Data excerpt:
====

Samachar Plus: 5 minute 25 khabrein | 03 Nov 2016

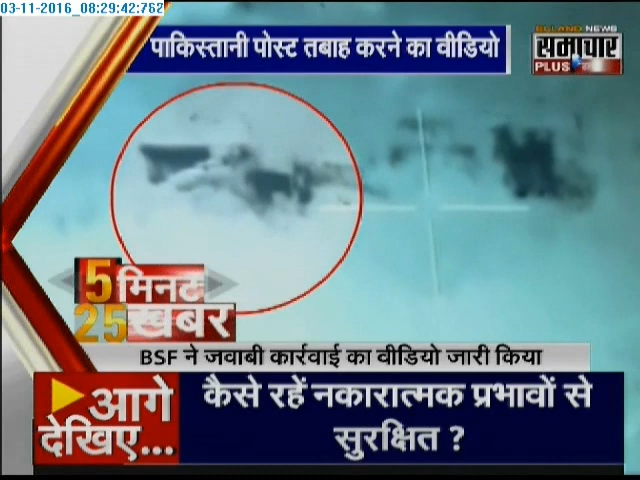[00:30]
ने पाकस्तान की 14 चोकिया तबहा कर दी है 14 पाकस्तानी बंकर को B.S.F. ने नेस्टो नाबूत कर दी है
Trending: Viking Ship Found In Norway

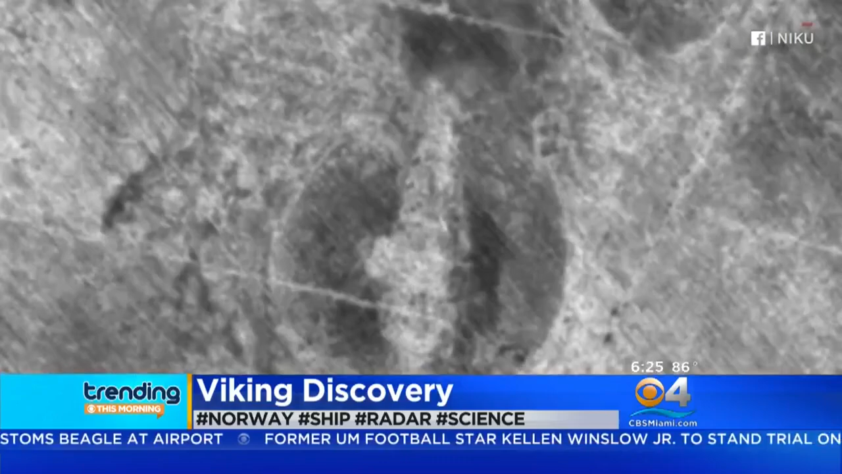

====

Work required:
All of the listing above must be output exactly, except for its pictures.

Solution:
Samachar Plus: 5 minute 25 khabrein | 03 Nov 2016

[00:30]
ने पाकस्तान की 14 चोकिया तबहा कर दी है 14 पाकस्तानी बंकर को B.S.F. ने नेस्टो नाबूत कर दी है
Trending: Viking Ship Found In Norway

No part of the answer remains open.